This article provides a brief account of the recent evolution of the highly controversial surgical management of the positive axilla in patients with breast cancer, an issue still open to disparate surgical procedures. This short review highlights the reports that supply the rationale for current trends in reducing the aggressiveness of this surgery and discusses the course of the trials still in progress pointing in the same direction, thus supporting the principle of not performing axillary lymph node dissection for staging purposes alone.

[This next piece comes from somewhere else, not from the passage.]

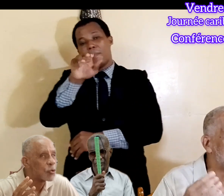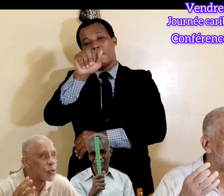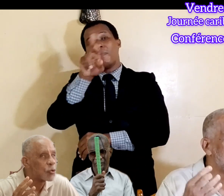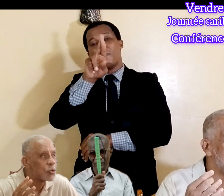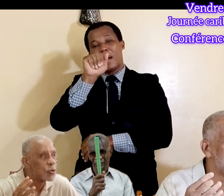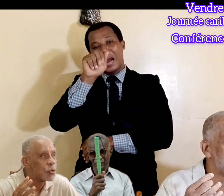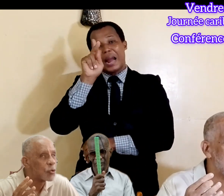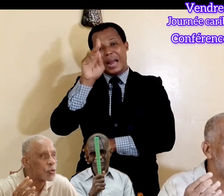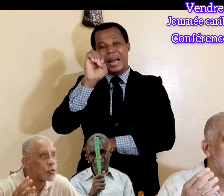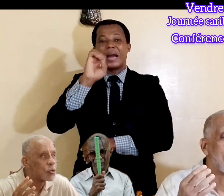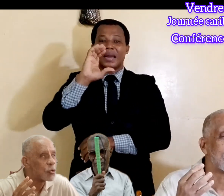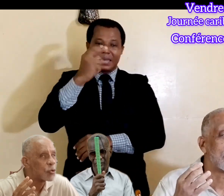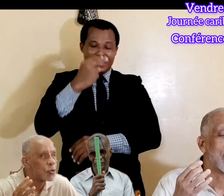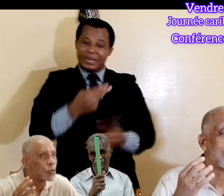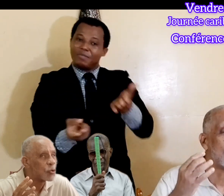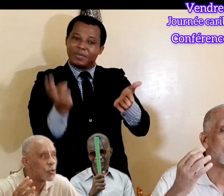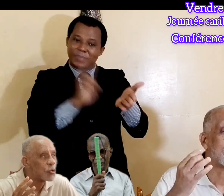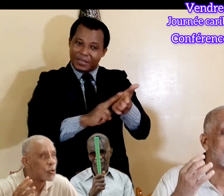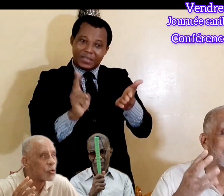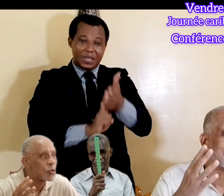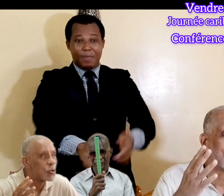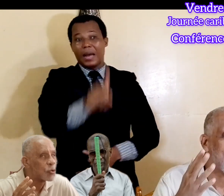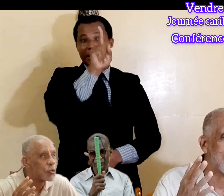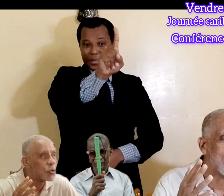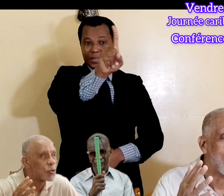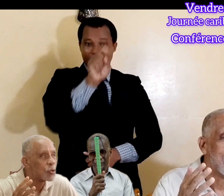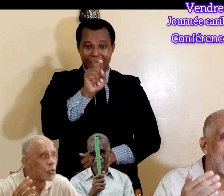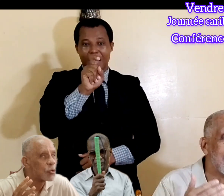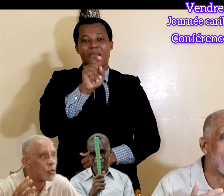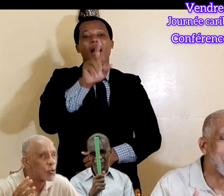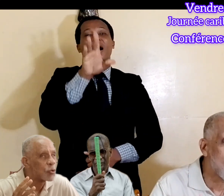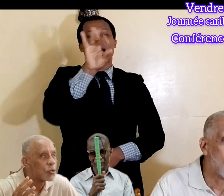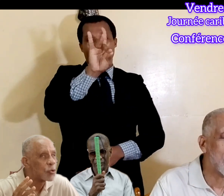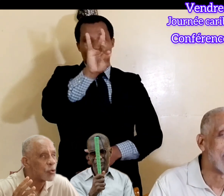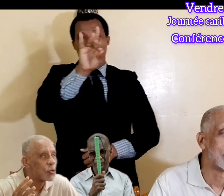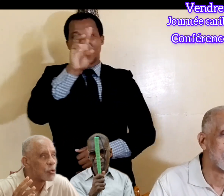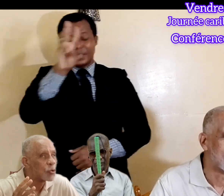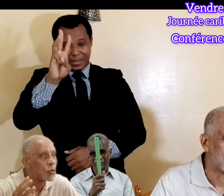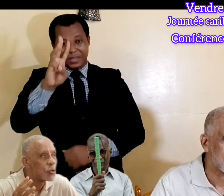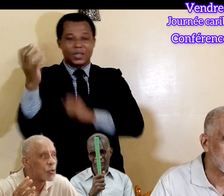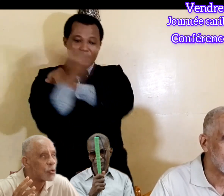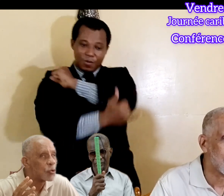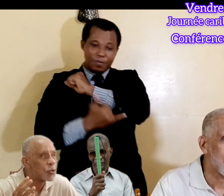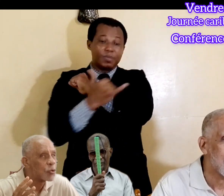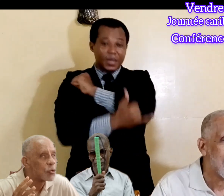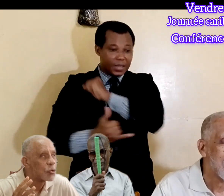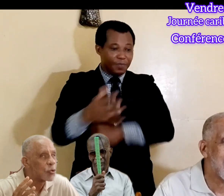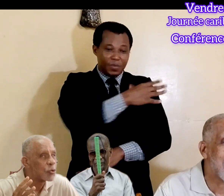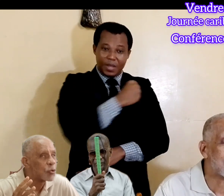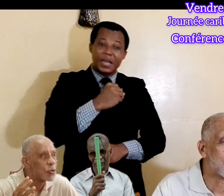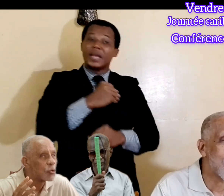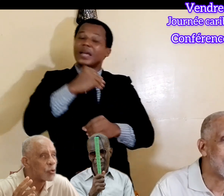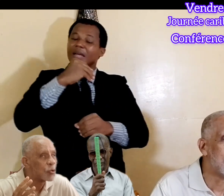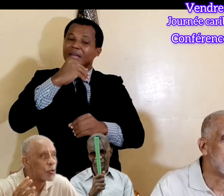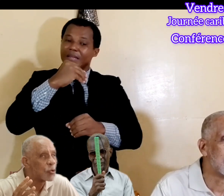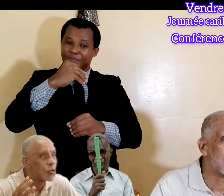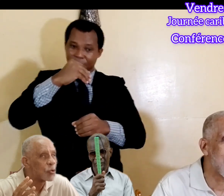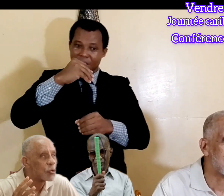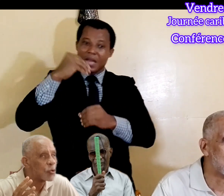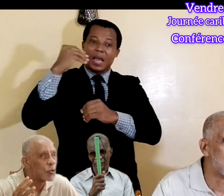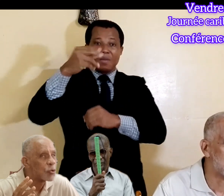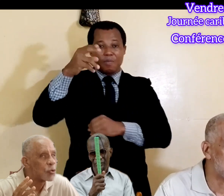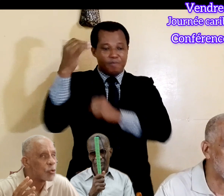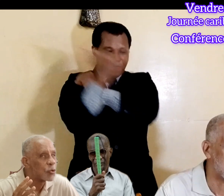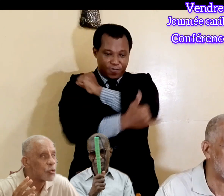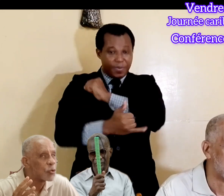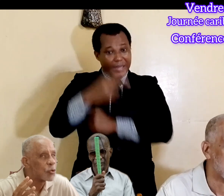Il est signé par ce qu'il de 6 pays, y compris Antilles et actuelles ministres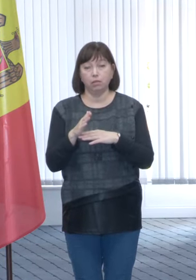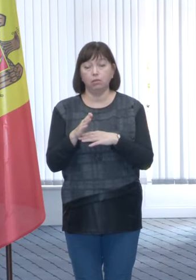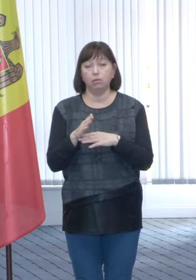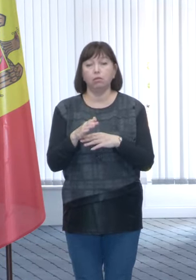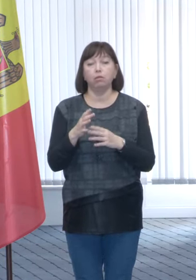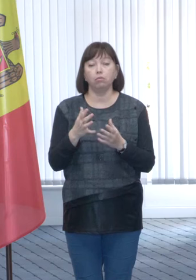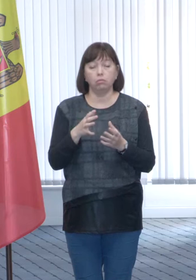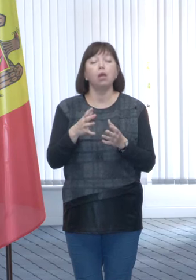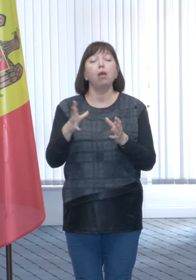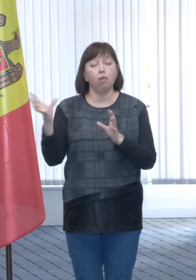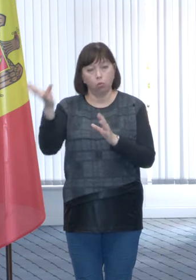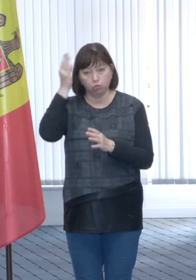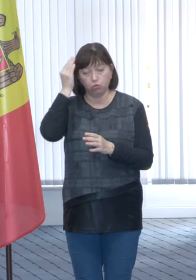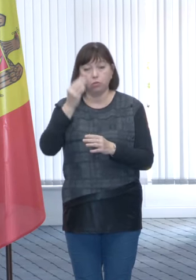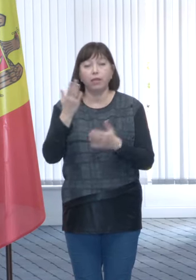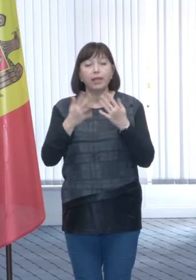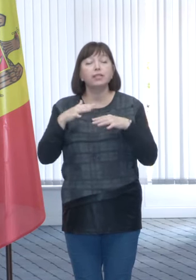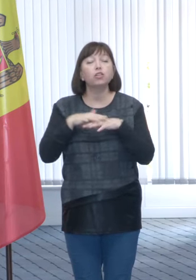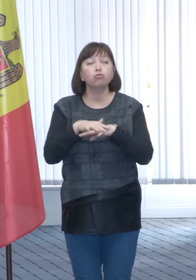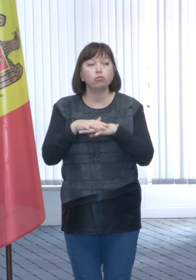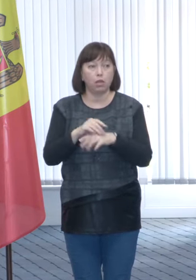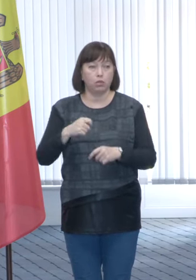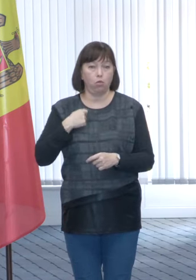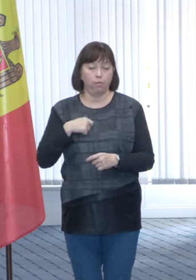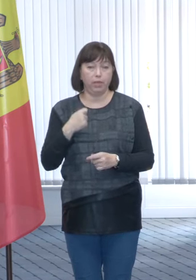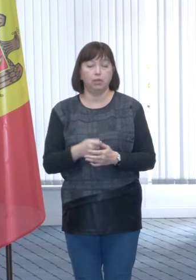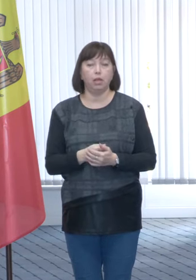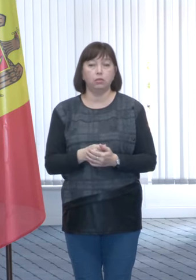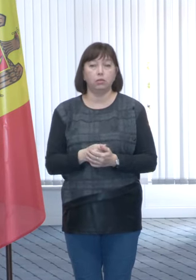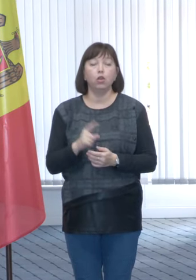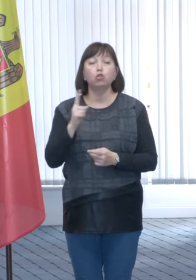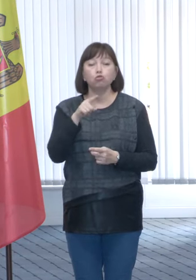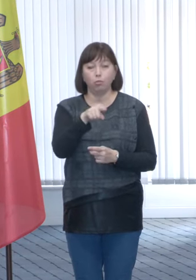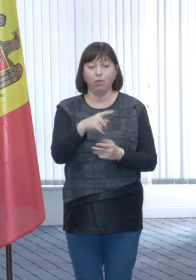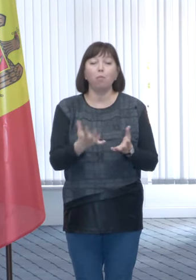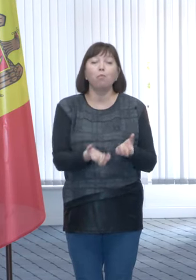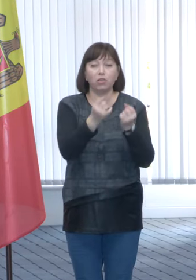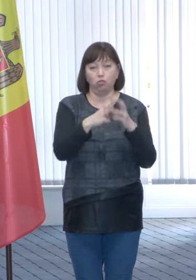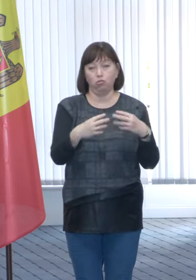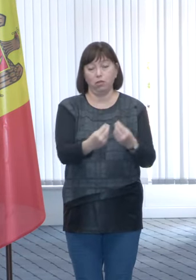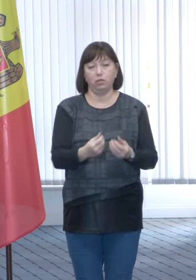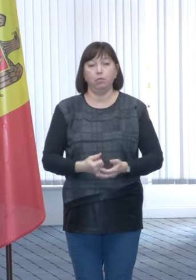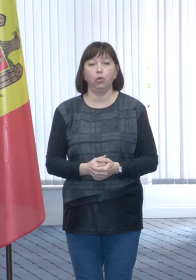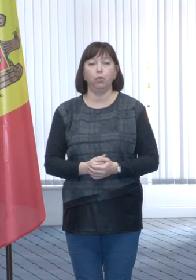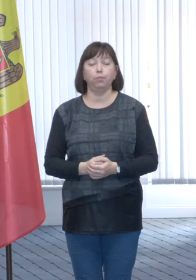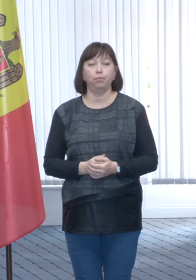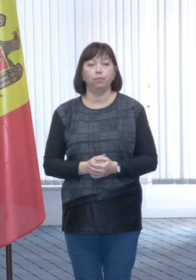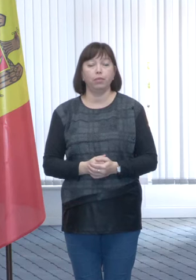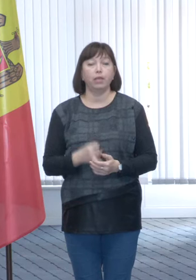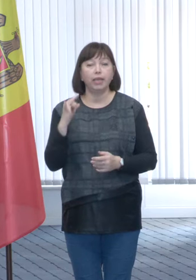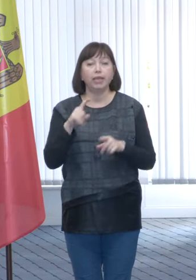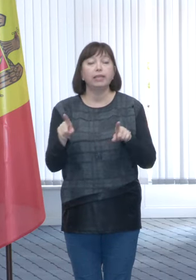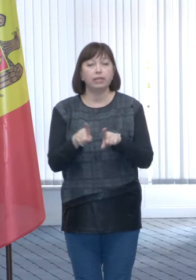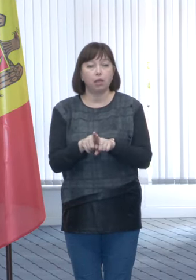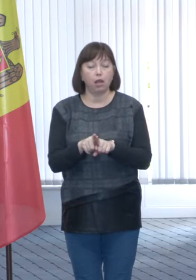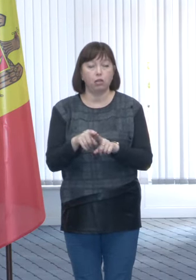luate în calcul atunci când se calculează compensația în sensul care se favorezează gospodăria. Și la fel ca

Este artículo es un breve resumen de la reciente evolución del controvertido tratamiento quirúrgico de la axila en pacientes con cáncer de mama, que sigue estando abierto a procedimientos quirúrgicos demasiado dispares. Esta corta revisión destaca las publicaciones que constituyen la base lógica de las tendencias actuales hacia la reducción de la agresividad quirúrgica y recalca los ensayos clínicos aún en progreso apuntando en esta misma dirección, apoyando así el principio de evitar la linfadenectomía axilar solo por razones de estadiaje.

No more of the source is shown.